--- RECORDS TO PROCESS Enclosed Below ---

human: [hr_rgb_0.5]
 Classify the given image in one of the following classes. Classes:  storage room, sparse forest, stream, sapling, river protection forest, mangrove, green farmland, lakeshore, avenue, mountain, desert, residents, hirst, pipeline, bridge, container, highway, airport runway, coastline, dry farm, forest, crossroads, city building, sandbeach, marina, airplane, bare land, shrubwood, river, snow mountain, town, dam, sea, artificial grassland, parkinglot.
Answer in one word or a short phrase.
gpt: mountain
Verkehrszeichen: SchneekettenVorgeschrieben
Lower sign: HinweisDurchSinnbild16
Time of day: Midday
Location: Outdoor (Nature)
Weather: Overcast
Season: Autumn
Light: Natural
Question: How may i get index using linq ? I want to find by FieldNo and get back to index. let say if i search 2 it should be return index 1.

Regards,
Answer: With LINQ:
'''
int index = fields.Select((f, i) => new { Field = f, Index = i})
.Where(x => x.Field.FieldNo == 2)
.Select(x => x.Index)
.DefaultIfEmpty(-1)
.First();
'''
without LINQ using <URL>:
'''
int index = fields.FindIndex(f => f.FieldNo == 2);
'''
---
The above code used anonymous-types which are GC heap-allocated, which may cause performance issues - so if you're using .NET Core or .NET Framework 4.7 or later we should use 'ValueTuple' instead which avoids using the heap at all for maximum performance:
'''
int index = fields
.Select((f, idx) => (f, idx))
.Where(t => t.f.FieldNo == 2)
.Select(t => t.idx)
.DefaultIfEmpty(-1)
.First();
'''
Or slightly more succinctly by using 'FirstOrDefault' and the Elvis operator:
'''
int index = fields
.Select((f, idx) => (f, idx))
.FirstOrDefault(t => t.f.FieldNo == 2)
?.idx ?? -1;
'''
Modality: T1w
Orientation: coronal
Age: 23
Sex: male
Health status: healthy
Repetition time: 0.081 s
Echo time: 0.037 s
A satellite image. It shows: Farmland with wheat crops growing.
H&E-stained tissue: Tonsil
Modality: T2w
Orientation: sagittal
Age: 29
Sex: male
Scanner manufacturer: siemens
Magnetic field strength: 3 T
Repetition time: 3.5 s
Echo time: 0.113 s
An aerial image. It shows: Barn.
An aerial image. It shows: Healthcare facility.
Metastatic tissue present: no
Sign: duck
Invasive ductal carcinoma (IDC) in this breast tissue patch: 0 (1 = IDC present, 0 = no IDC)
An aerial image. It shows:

--- End of Enclosed RECORDS TO PROCESS ---
--- RECORDS TO PROCESS Enclosed Below ---

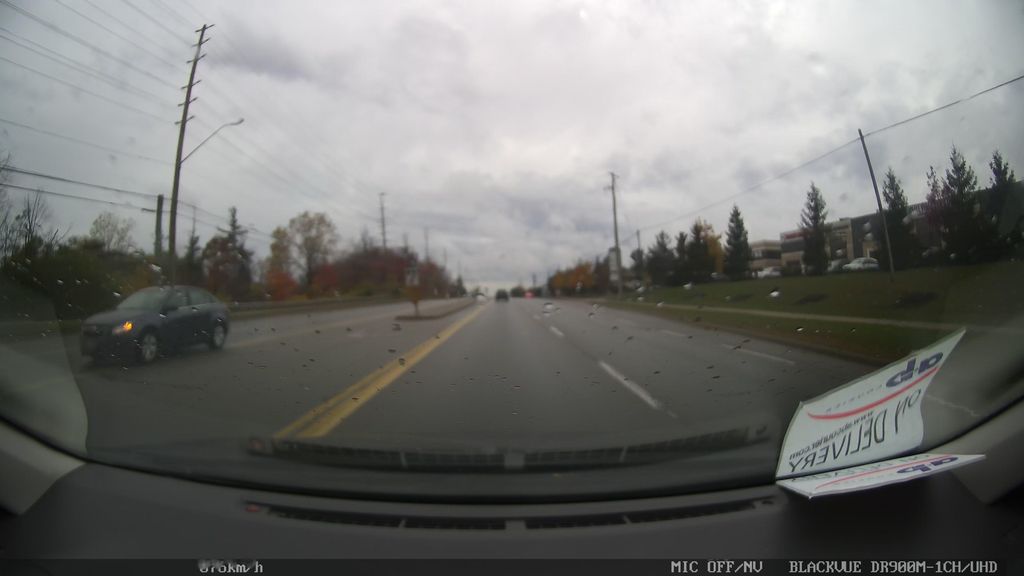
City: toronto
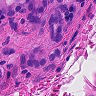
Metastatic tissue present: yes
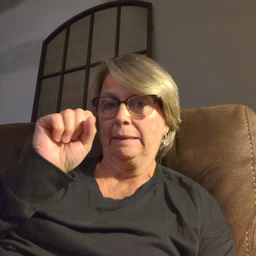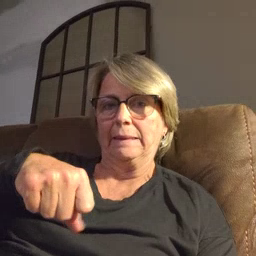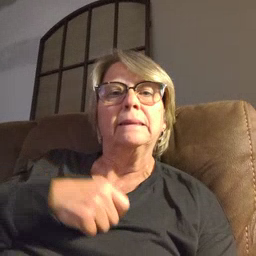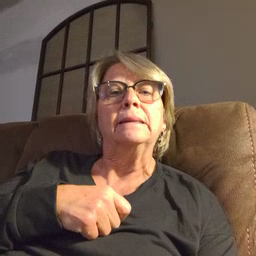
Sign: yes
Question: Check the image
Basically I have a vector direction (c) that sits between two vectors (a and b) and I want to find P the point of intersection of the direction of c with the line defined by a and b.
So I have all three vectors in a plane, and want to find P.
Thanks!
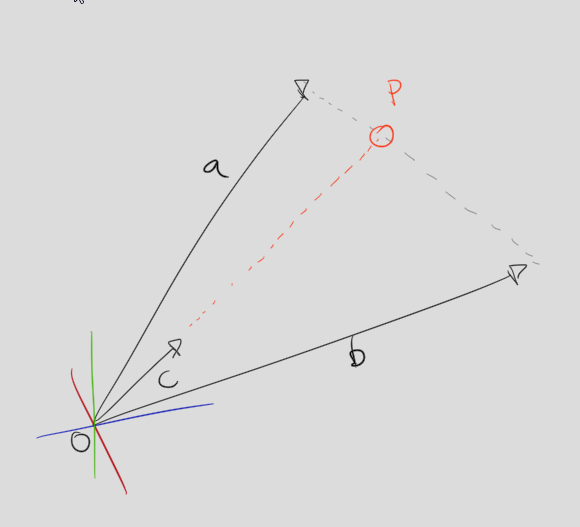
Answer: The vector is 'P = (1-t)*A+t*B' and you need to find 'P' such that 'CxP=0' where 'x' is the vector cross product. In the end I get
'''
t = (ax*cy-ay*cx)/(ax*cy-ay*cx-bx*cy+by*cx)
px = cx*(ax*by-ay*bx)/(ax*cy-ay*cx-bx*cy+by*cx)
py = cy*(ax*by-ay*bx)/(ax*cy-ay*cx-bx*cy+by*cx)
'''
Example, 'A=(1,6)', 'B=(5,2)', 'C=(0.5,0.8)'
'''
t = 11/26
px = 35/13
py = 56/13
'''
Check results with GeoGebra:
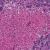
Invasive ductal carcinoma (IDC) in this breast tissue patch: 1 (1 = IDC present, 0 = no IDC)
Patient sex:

--- End of Enclosed RECORDS TO PROCESS ---
--- RECORDS TO PROCESS Enclosed Below ---

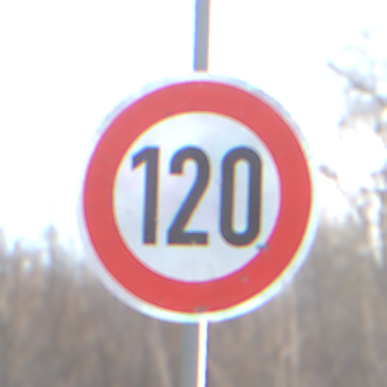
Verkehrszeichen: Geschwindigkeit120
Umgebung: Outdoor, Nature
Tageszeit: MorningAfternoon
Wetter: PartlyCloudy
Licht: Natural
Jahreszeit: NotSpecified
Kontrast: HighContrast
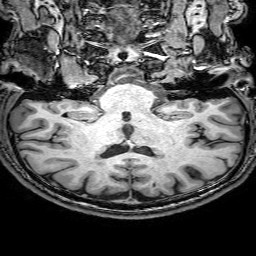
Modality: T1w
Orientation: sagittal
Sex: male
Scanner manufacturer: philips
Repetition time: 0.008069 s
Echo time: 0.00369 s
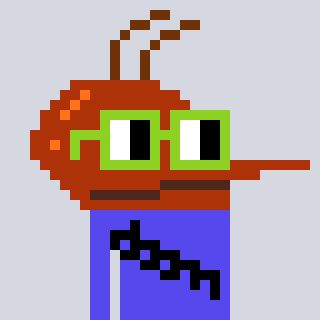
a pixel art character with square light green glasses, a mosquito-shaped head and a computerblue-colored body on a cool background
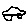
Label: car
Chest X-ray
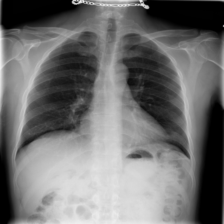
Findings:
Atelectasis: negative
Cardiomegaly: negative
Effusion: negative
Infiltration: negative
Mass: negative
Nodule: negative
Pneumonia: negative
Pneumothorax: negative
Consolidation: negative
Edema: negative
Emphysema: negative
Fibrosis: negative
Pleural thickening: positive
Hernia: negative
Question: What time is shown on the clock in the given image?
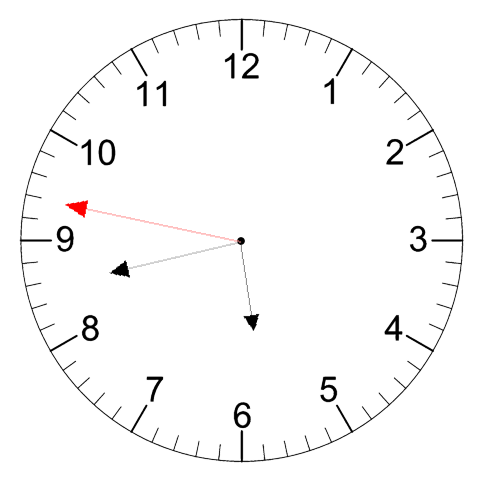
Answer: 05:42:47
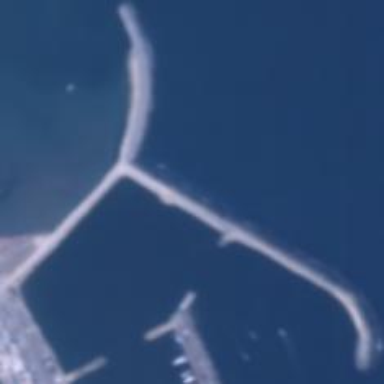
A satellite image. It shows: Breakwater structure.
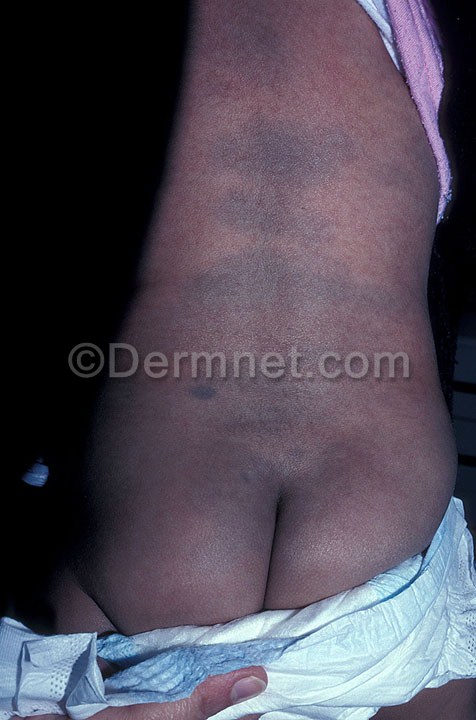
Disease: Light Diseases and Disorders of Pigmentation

--- End of Enclosed RECORDS TO PROCESS ---

» HOW TO COMPLETE THIS TASK
In the lines above, find each one with "manufacturer" and list it.

» FINAL ANSWER
Scanner manufacturer: siemens
Scanner manufacturer: philips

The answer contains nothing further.